Performance Tests

Hello everyone, I’m Asmaa Taha; I’m a test developer in the Visual C++ compiler optimization test team.

Our Team has various testing systems that automate the testing and reporting processes to convey the state of the product to our feature teams. Some of them are useful in automating the feature testing we have for the compiler (and making them go faster!). Others are useful in automating building real world code like Windows using the latest versions of our compiler in our labs. Last but not least, we have automation to measure the performance of our compiler.

In this blog I will mainly talk about the system that measures the performance of our compiler. We call this system the VCBench System-Visual C++ Compiler Benchmark1 System.

The purpose of VCBench is to measure and tune the performance of our compiler and compare it with other compilers. Two of the major benchmarks measured in VCBench are the Spec2000 and Spec2006 (see footnote 2 below) benchmarks. They report code size and execution time of a number of primarily integer algorithms as well as a number of floating point algorithms; for this reason we call these “Code Quality” benchmarks. Code Quality benchmarks measure the speed and size of binaries generated by our compiler.  We also have “Code Throughput” benchmarks that measure the time it takes our compiler to generate binaries.  These are the two major performance concerns of the Visual C++ compiler.

VCBench is run on daily builds of the VC++ compiler to monitor performance changes.

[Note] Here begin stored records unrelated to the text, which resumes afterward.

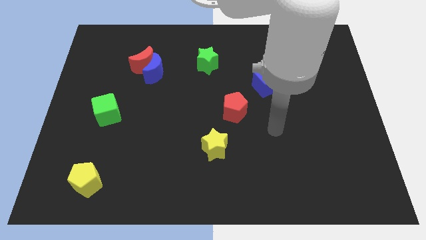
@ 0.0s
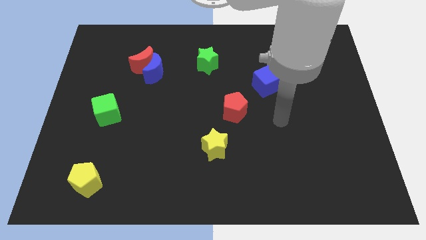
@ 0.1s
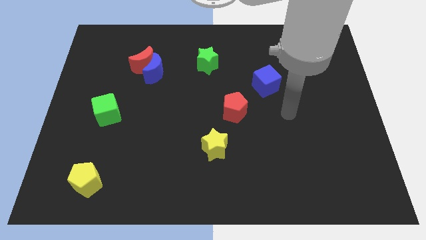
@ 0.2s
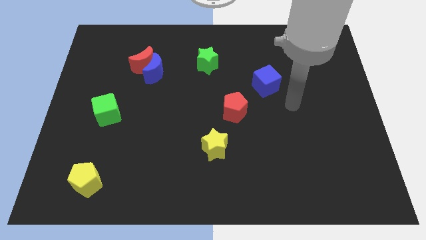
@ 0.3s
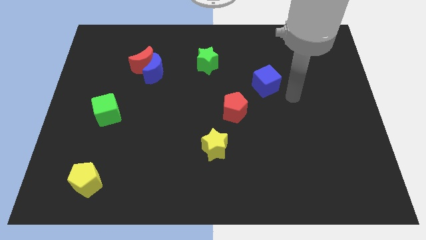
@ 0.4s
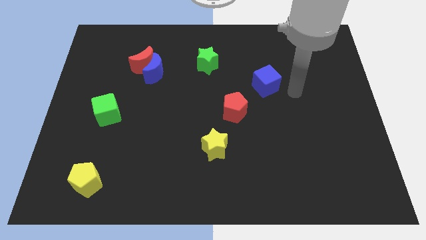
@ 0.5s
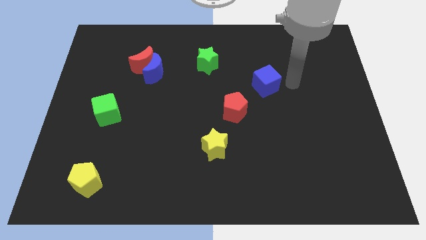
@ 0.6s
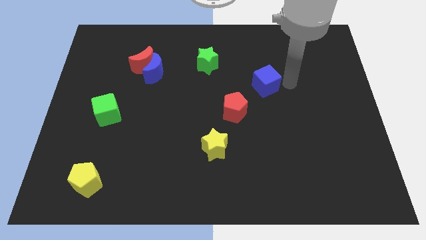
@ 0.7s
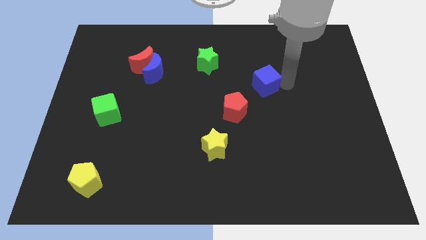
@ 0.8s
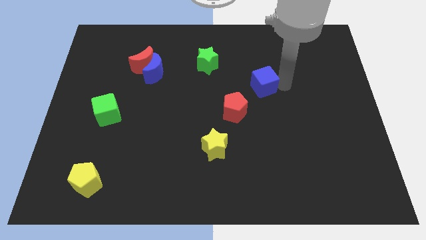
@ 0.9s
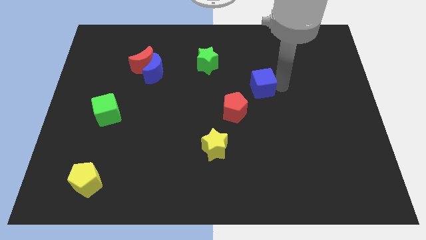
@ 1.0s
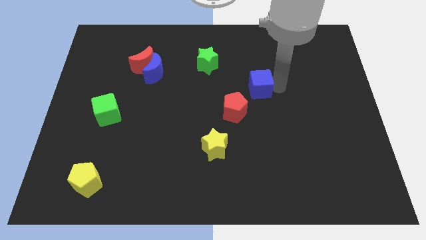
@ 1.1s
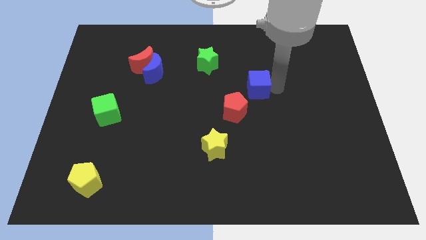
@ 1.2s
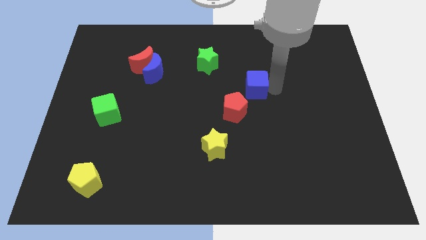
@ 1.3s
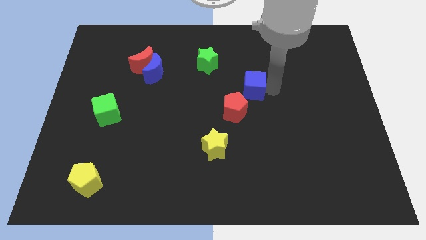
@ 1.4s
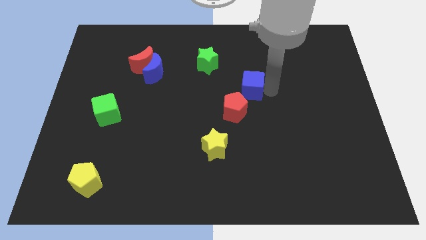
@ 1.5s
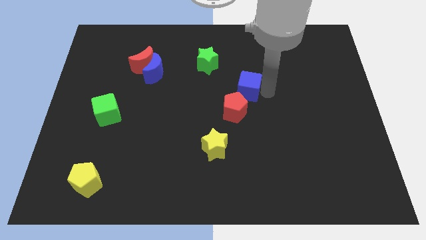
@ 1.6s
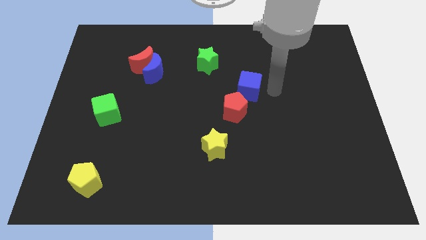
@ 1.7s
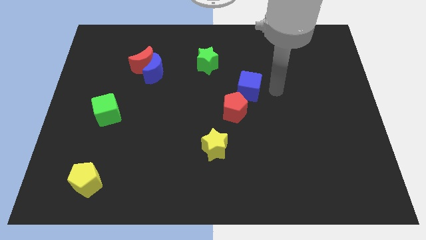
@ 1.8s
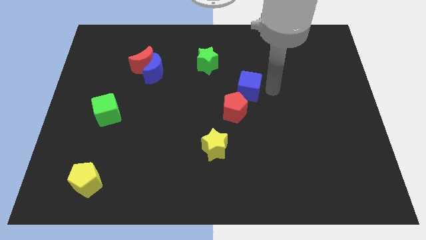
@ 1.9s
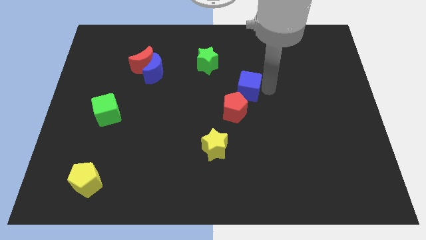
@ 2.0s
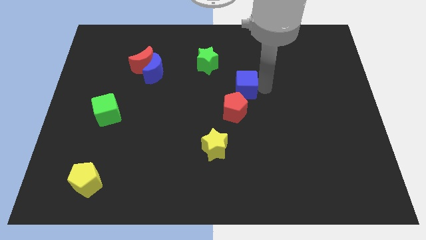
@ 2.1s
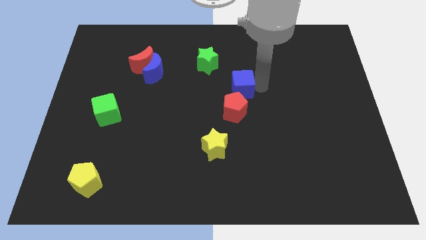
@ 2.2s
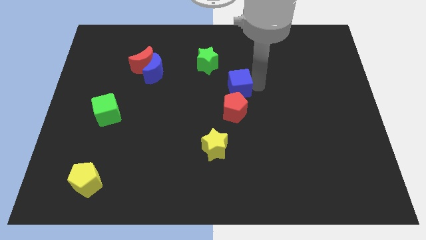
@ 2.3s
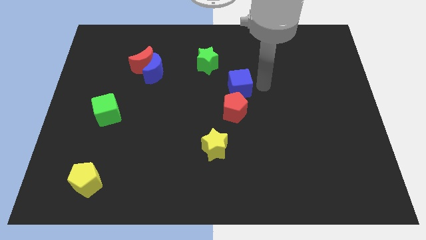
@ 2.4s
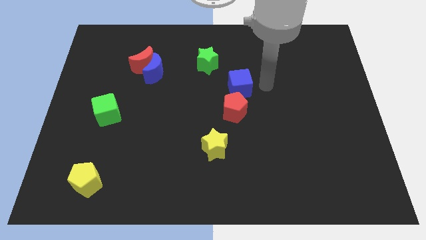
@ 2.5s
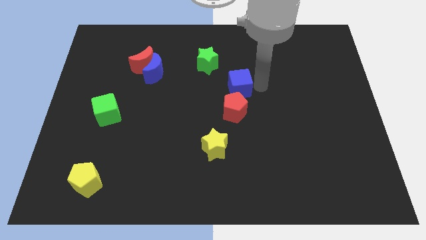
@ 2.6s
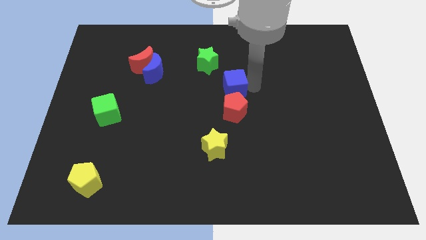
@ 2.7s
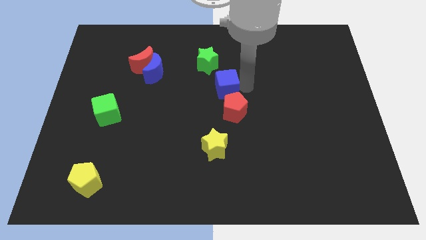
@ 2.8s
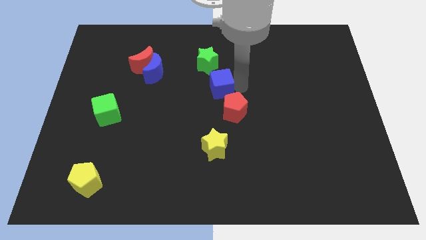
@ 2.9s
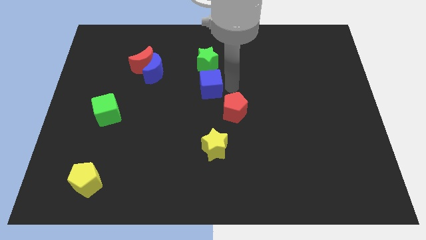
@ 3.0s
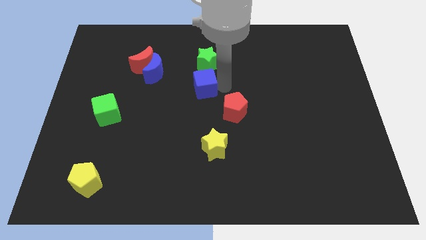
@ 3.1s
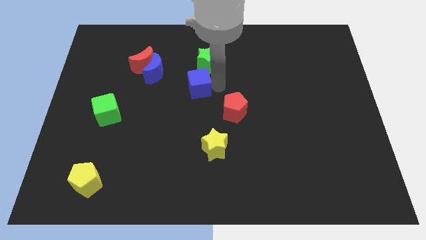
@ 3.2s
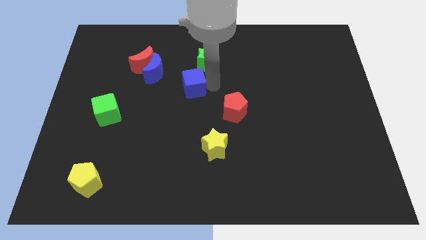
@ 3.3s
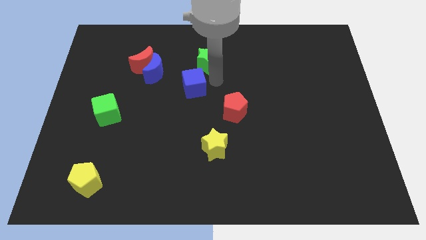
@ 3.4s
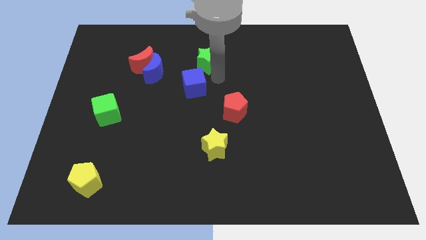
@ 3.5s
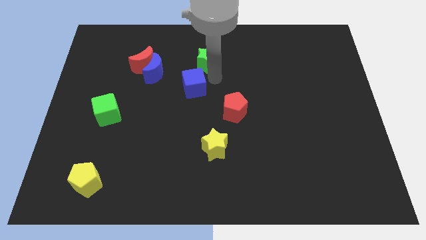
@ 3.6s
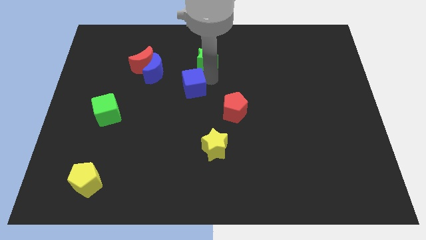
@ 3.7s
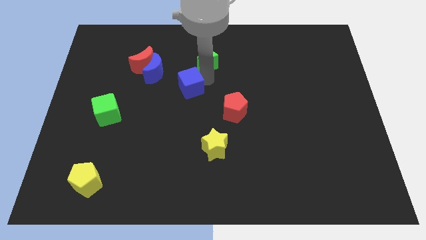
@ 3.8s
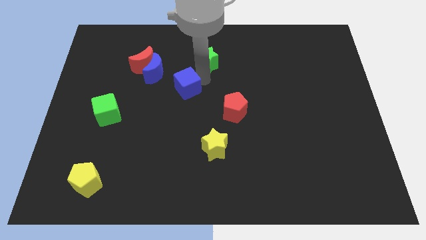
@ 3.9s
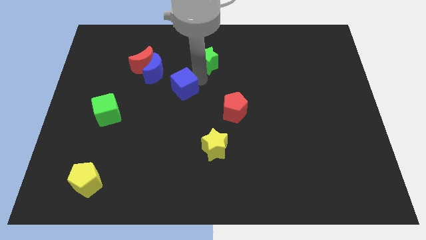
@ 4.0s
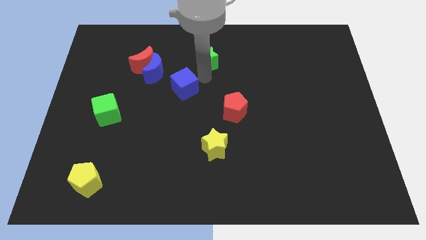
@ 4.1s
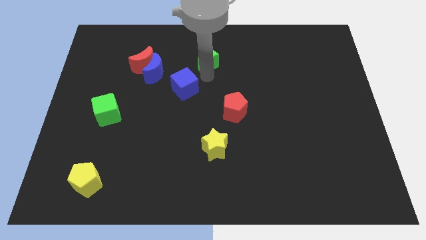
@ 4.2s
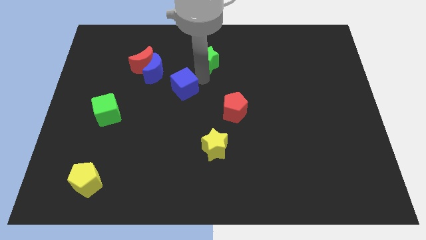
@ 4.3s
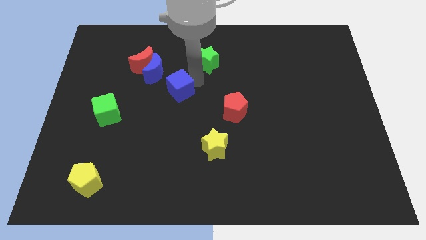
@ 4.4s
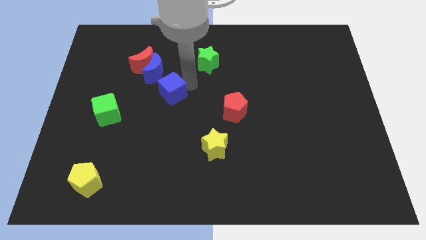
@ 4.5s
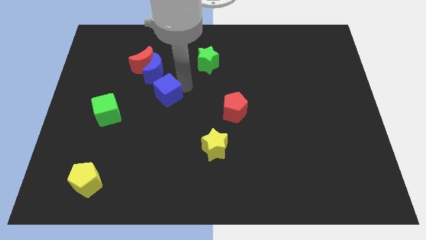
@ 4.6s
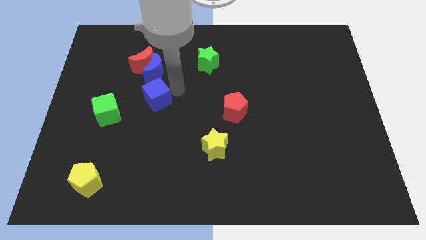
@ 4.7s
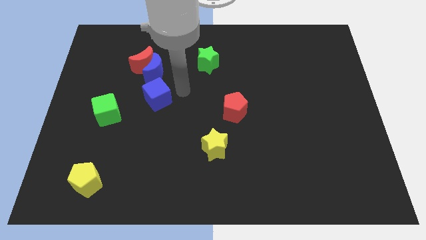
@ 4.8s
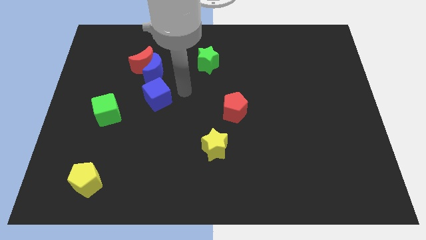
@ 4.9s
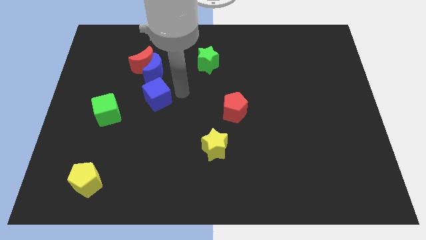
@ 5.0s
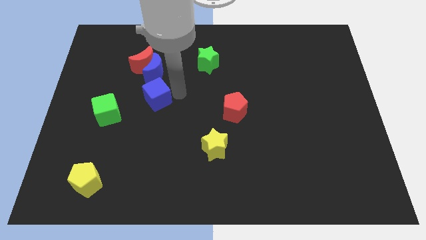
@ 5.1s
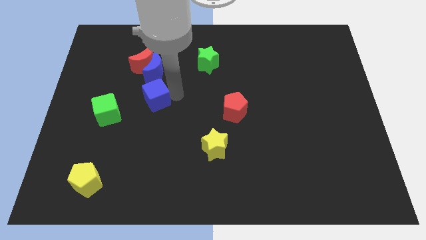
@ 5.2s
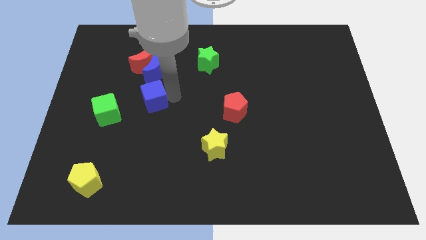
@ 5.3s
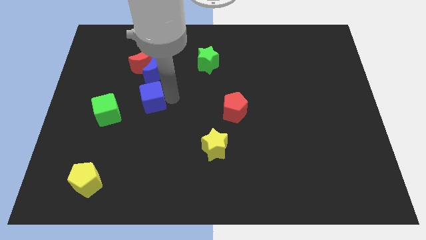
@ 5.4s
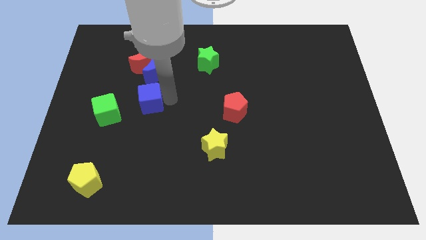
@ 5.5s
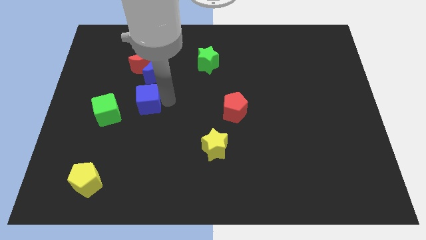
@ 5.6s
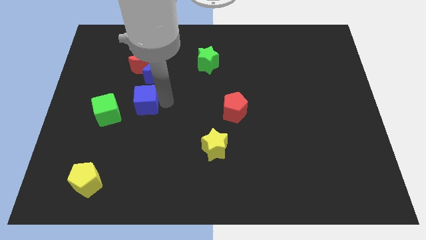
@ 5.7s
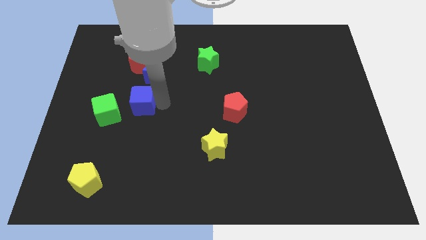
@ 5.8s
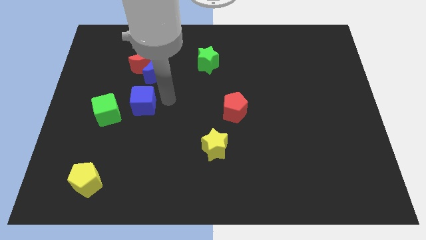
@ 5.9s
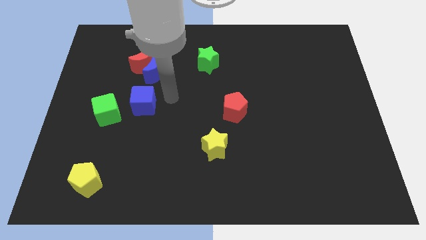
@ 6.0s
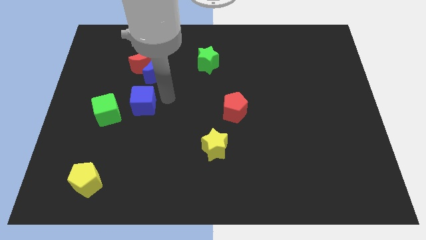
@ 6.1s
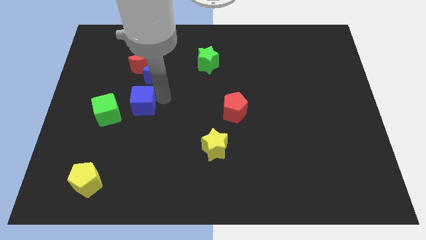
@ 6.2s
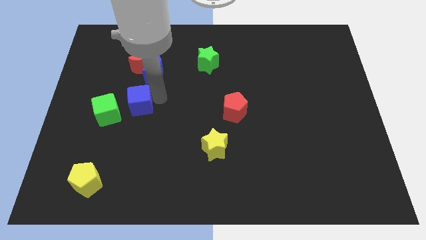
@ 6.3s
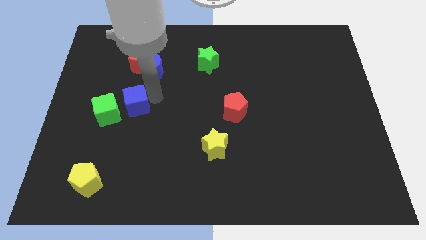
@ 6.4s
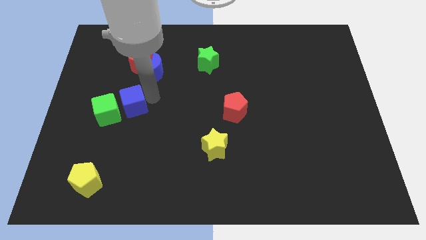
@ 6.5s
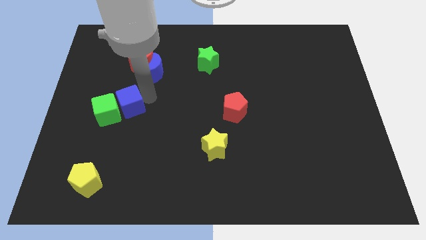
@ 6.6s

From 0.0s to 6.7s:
slide the blue cube to the green cube

In the case of a performance regression, a bug will be opened and our test and developer teams will coordinate to find and fix the performance loss.  In addition to regression prevention, VCBench is used by our developers working on new features.  The developers will iterate compiler prototype builds several times through the VCBench system in order to tune heuristics of new optimizations.  Before they can add their feature to the product they must present their performance deltas to their peers and management for sign off.  Often times there are trade-offs between compiler throughput, generated code speed and generated code size that are -sometimes heatedly- debated.

Tests are run for multiple iterations to minimize noise while still maintaining acceptable throughput, then the system reports the median.  We report the median as opposed to the mean due to the fact that performance results are generally not a normal distribution – they are skewed! Tests can run with different optimizations switches; in general we run a matrix to exercise as many of the optimization code paths as possible with the machine resources that we have. The outputs of these tests are saved to a SQL database. Results are available to developers through an internal website to make it easy to track results.

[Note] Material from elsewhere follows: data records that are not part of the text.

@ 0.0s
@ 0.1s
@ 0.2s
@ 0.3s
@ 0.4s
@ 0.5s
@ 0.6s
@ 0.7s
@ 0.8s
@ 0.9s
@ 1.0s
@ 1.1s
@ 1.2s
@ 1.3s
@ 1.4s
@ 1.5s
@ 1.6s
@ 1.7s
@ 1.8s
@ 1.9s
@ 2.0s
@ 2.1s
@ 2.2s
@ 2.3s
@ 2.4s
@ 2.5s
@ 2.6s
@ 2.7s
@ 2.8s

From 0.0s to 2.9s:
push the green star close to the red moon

To reduce noise on the benchmarking machines, we take several steps:

1.       Stop as many services and processes as possible.

2.       Disable network driver: this will turn off the interrupts from NIC caused by broadcast packets.

3.       Set the test’s processor affinity to run on one processor/core only.

4.       Set the run to high priority which will decrease the number of context switches.

5.       Run the test for several iterations.

VCBench allows submitting private runs, so any developer can submit a custom built compiler with any configuration. The set of configuration for private submission is a super-set of the configurations that we run on the daily builds of our product. The results for these runs are inserted in the database and can be compared to any other run, either private or daily automated run. VCBench notifies the developers when their runs finish along with whether it succeeded or failed. At this point it gives the developers the option to see the performance impact of their changes.

I hope this blog gave you an idea of how performance testing for back-end compiler is done; and there will be another blog that will compare dev10 and vc6.

1.        Benchmark “A standard of measurement or evaluation.” A computer benchmark is typically a computer program that performs a strictly defined set of operations (a workload) and returns some form of result (a metric) describing how the tested computer performed. Computer benchmark metrics usually measure speed (how fast was the workload completed) or throughput (how many workloads per unit time were measured). Running the same computer benchmark on multiple computers allows a comparison to be made.

2.        SPEC is an acronym for the Standard Performance Evaluation Corporation. SPEC is a non-profit organization composed of computer vendors, systems integrators, universities, research organizations, publishers and consultants whose goal is to establish, maintain and endorse a standardized set of relevant benchmarks for computer systems. Although no one set of tests can fully characterize overall system performance, SPEC believes that the user community will benefit from an objective series of tests which can serve as a common reference point.

3.        Noise is variation in the output if not accounted for by changes in the compiler.